Al momento de su muerte, Pretti portaba un arma de fuego. Sin embargo, los videos grabados por testigos muestran una escena distinta. Pretti no desenfundó el arma en ningún momento y, de hecho, sostenía un teléfono celular cuando se acercó a los agentes. Además, contaba con un permiso legal del estado de Minnesota para portar un arma oculta, algo permitido por la ley estatal incluso en espacios públicos y manifestaciones, siempre que no exista una conducta amenazante.
Pese a ello, la reacción inicial de la administración fue demoledora. La secretaria de Seguridad Nacional, Kristi Noem, aseguró pocas horas después del hecho que Pretti había acudido armado a una protesta con la intención de causar daño, mientras que el director del FBI, Kash Patel, afirmó que “no se puede llevar un arma de fuego cargada, con múltiples cargadores, a ningún tipo de protesta”.

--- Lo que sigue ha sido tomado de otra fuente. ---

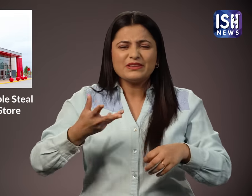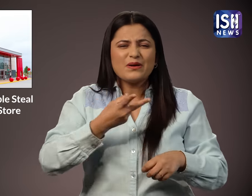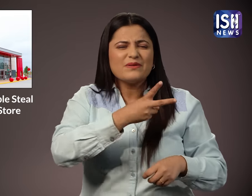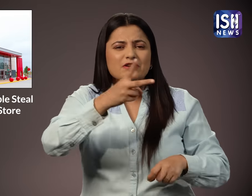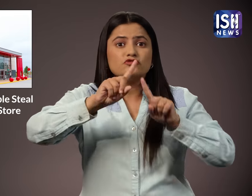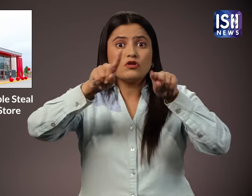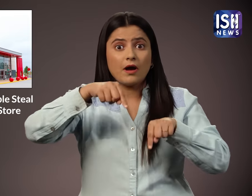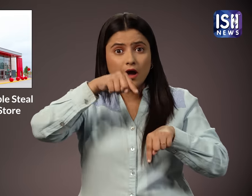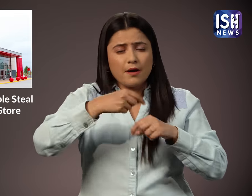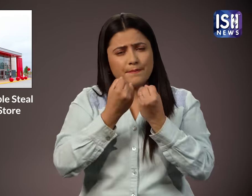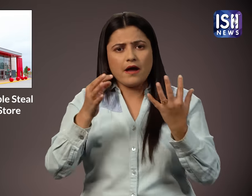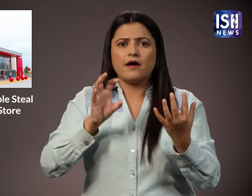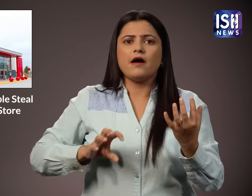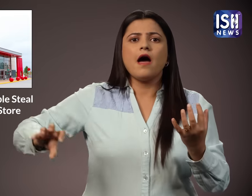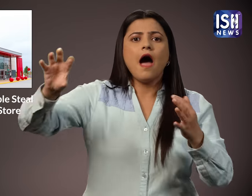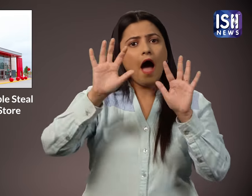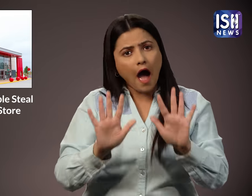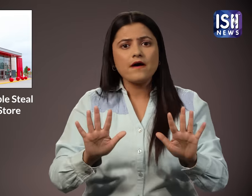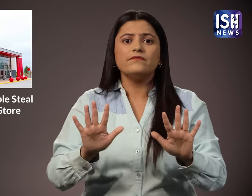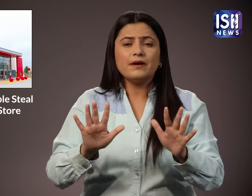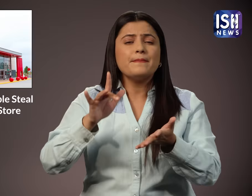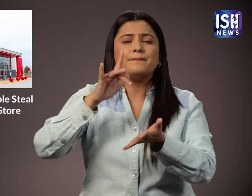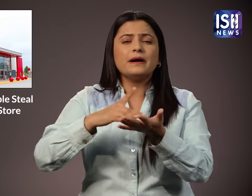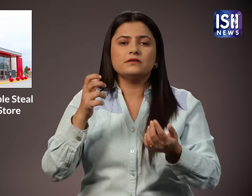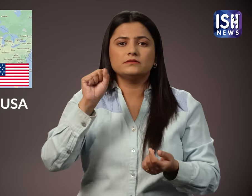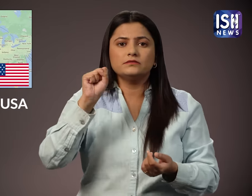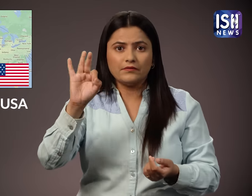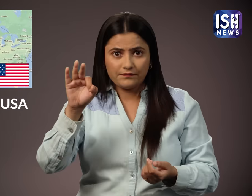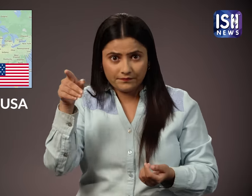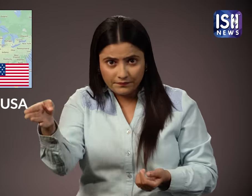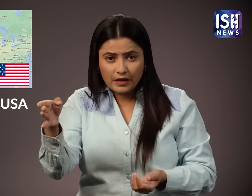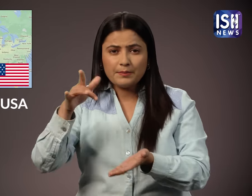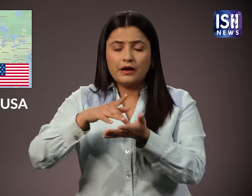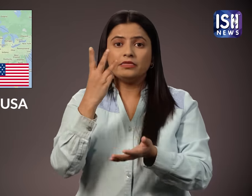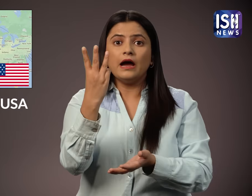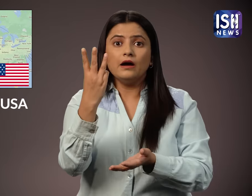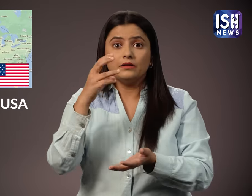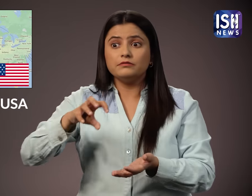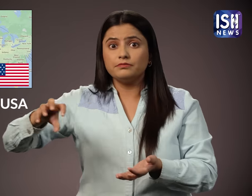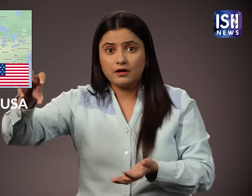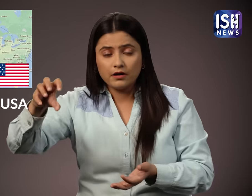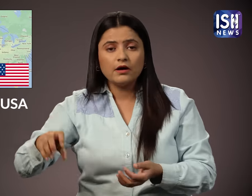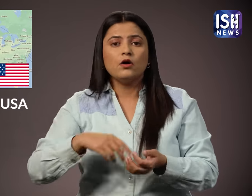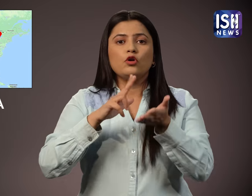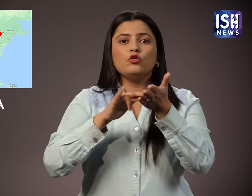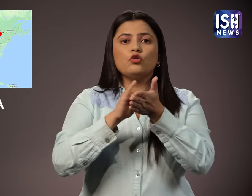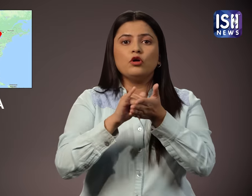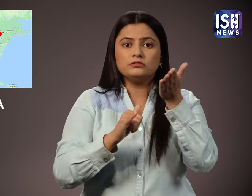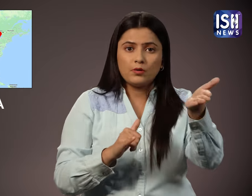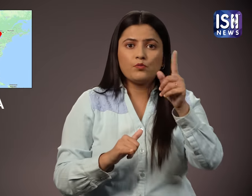न्यू यॉर्क में एक और साइन फ्रैंसिसको में
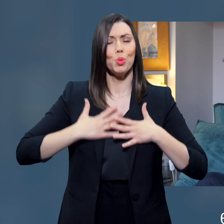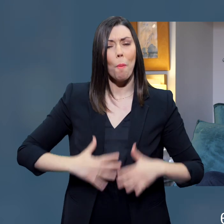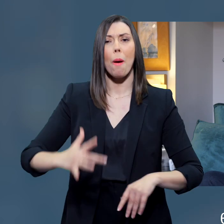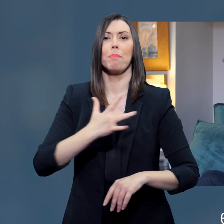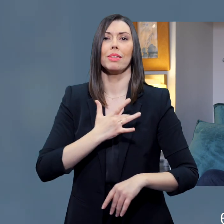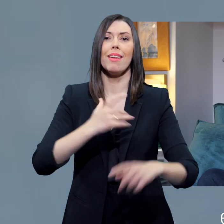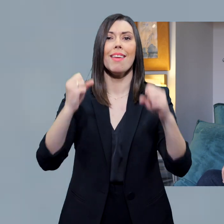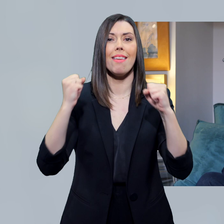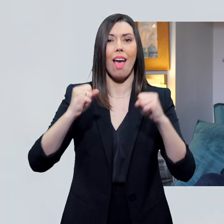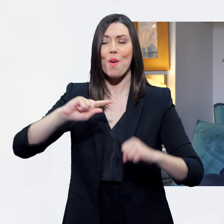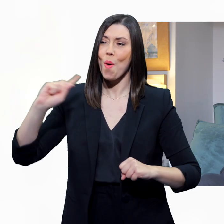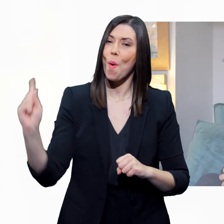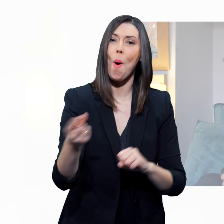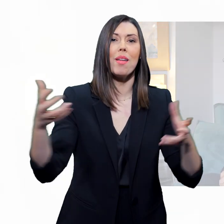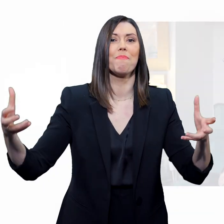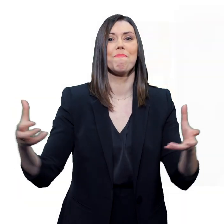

La policía arresta a manifestantes en Minneapolis, Minnesota, Estados Unidos Foto:EFE
Trump, por su parte, publicó en redes sociales una foto del arma incautada, calificándola como “lista para disparar”, y varios funcionarios lo tildaron abiertamente de “terrorista doméstico”.
Diferencias entre la misma base trumpista
Esas afirmaciones desataron una ola de críticas desde dos frentes distintos. Por un lado, los demócratas acusaron a la Casa Blanca de hipocresía. Durante décadas, el Partido Republicano ha defendido a capa y espada el derecho de los ciudadanos a portar armas legalmente, pero ahora condena ese mismo derecho cuando quien lo ejerce protesta contra el poder federal.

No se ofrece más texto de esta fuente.